--- DATA TO PROCESS ---

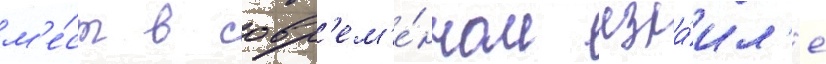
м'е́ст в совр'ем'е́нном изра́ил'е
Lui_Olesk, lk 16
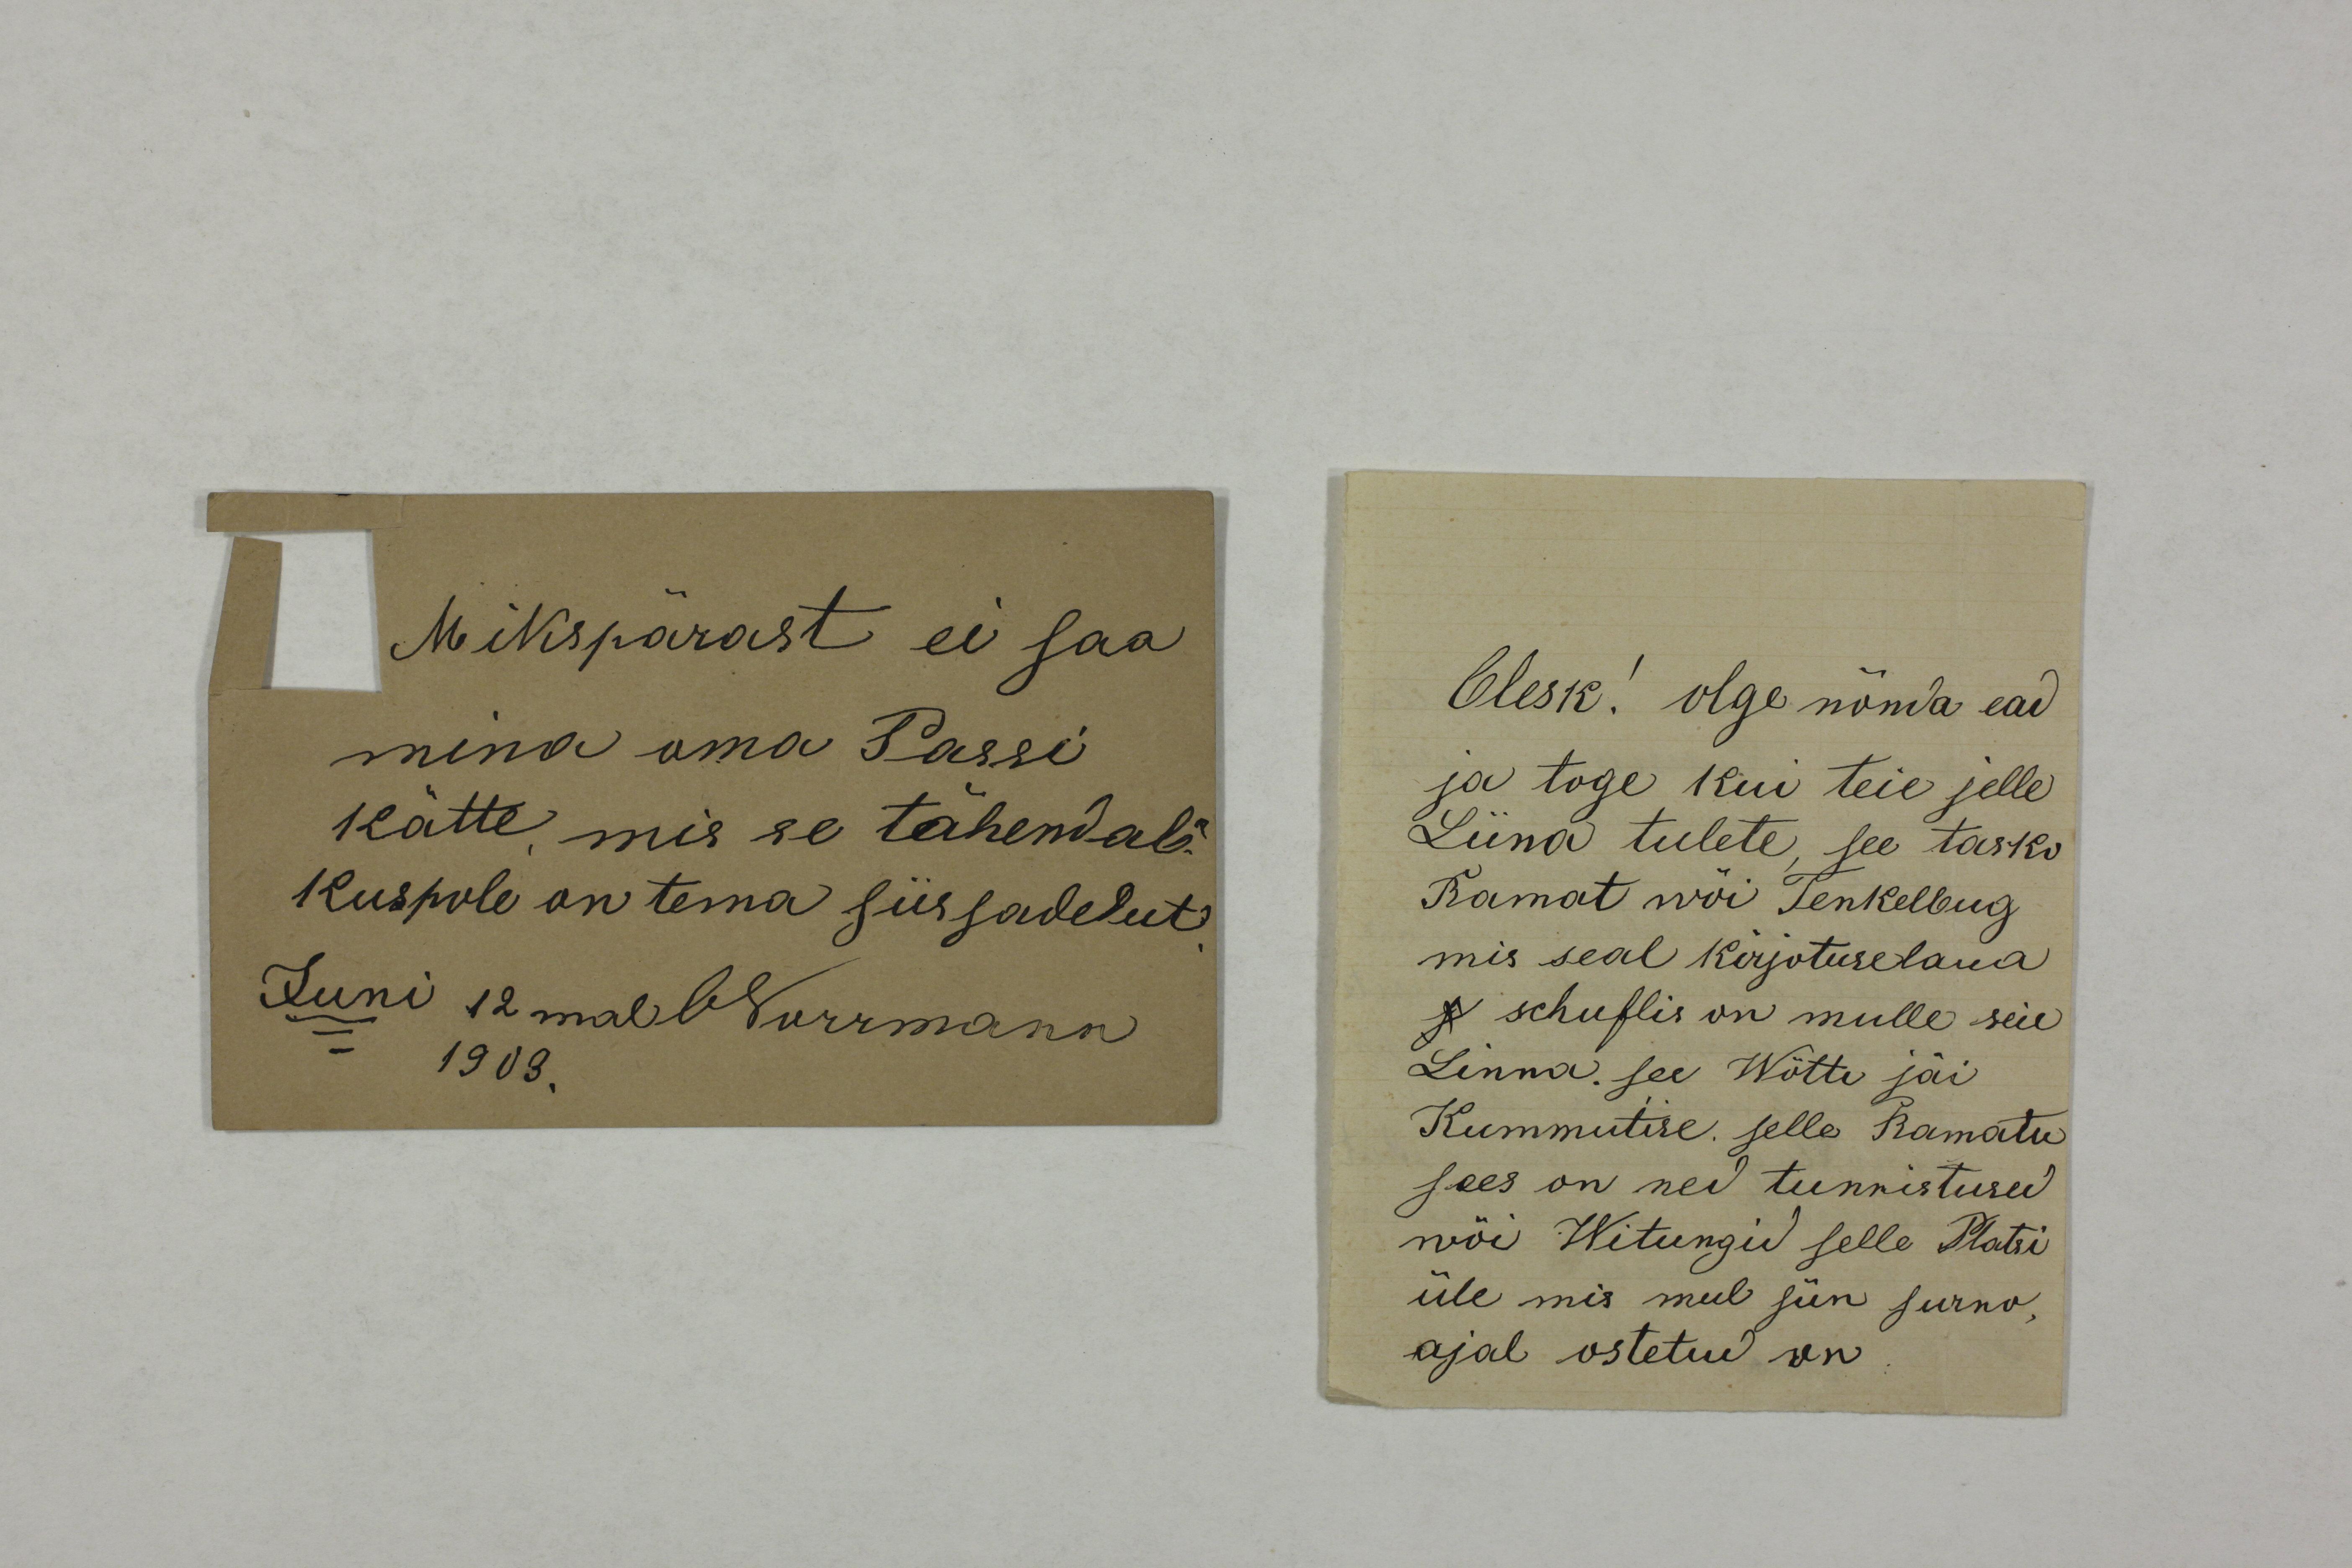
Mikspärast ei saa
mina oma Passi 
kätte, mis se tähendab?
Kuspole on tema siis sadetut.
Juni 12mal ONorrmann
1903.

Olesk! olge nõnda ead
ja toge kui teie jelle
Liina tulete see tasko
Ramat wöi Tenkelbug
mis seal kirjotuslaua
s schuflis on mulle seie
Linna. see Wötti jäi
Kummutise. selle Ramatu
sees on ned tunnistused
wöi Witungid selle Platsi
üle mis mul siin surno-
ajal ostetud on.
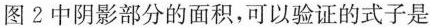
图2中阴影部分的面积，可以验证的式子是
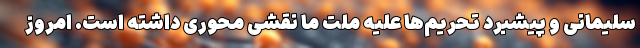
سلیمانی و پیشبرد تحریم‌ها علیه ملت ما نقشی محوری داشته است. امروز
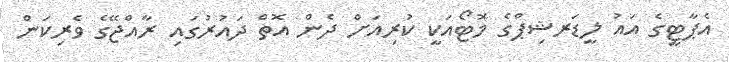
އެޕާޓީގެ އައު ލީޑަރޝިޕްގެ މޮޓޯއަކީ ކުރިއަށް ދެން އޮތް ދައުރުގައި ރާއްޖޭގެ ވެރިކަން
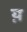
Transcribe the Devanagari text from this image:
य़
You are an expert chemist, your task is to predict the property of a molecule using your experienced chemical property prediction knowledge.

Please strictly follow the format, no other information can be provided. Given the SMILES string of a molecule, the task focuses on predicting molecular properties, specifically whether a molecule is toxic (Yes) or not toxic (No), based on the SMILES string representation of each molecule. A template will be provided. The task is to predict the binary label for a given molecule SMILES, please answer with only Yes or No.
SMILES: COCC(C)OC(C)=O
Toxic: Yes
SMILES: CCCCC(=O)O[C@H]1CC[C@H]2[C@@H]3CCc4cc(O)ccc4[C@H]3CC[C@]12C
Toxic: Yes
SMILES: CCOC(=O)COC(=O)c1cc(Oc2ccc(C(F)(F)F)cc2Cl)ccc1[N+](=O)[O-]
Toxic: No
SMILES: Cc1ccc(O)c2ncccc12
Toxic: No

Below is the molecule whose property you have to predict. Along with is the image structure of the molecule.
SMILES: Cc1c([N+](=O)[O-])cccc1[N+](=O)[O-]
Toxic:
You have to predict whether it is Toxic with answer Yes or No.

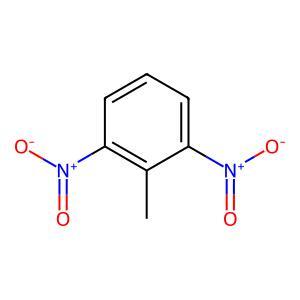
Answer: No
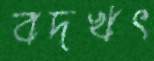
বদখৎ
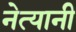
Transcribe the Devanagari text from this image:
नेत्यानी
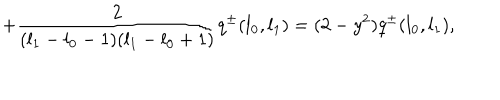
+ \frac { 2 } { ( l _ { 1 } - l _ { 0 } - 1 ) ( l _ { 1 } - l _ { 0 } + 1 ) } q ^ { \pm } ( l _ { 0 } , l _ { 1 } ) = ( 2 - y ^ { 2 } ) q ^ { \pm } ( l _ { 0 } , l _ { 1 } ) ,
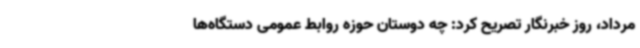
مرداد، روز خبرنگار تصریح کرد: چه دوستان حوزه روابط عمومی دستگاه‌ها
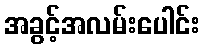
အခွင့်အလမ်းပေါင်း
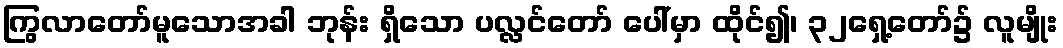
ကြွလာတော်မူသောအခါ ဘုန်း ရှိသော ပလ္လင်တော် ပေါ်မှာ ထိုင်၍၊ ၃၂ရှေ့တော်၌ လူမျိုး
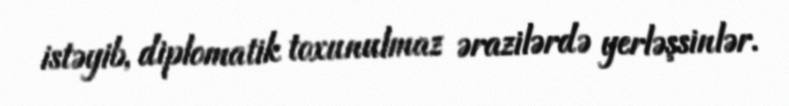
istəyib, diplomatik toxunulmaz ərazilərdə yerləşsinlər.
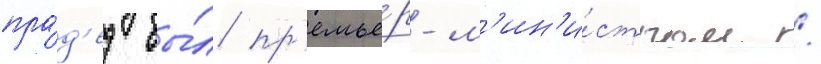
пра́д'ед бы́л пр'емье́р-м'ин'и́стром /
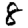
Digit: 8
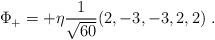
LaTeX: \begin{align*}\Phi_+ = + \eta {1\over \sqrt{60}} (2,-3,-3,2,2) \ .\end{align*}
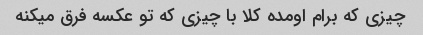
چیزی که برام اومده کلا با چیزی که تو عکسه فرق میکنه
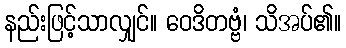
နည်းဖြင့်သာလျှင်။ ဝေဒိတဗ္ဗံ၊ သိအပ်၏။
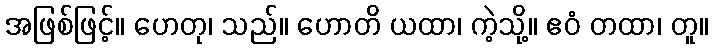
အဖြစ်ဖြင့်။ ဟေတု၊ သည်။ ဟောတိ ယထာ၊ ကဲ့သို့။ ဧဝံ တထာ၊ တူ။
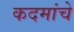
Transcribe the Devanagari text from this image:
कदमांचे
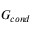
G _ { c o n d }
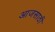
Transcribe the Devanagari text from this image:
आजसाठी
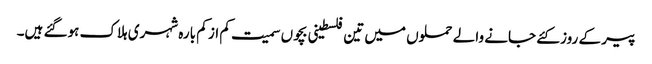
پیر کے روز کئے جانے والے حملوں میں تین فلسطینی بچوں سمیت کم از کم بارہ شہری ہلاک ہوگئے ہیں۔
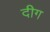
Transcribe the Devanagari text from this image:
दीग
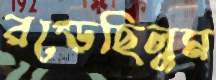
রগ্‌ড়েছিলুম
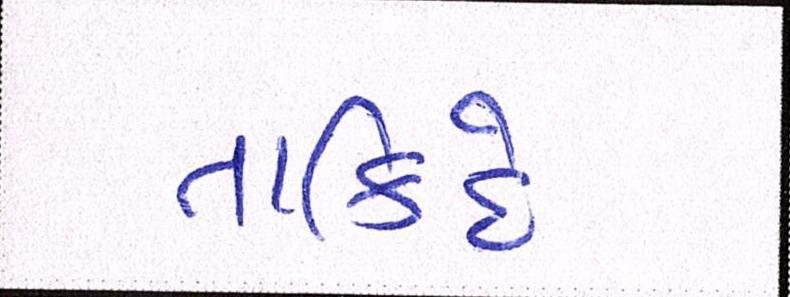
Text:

---

→ **DESCRIPTION OF THE TASK**
Whenever the string "predict" shows up in a line of the records, copy that line.

→ **TASK OUTPUT**
You are an expert chemist, your task is to predict the property of a molecule using your experienced chemical property prediction knowledge.
Please strictly follow the format, no other information can be provided. Given the SMILES string of a molecule, the task focuses on predicting molecular properties, specifically whether a molecule is toxic (Yes) or not toxic (No), based on the SMILES string representation of each molecule. A template will be provided. The task is to predict the binary label for a given molecule SMILES, please answer with only Yes or No.
Below is the molecule whose property you have to predict. Along with is the image structure of the molecule.
You have to predict whether it is Toxic with answer Yes or No.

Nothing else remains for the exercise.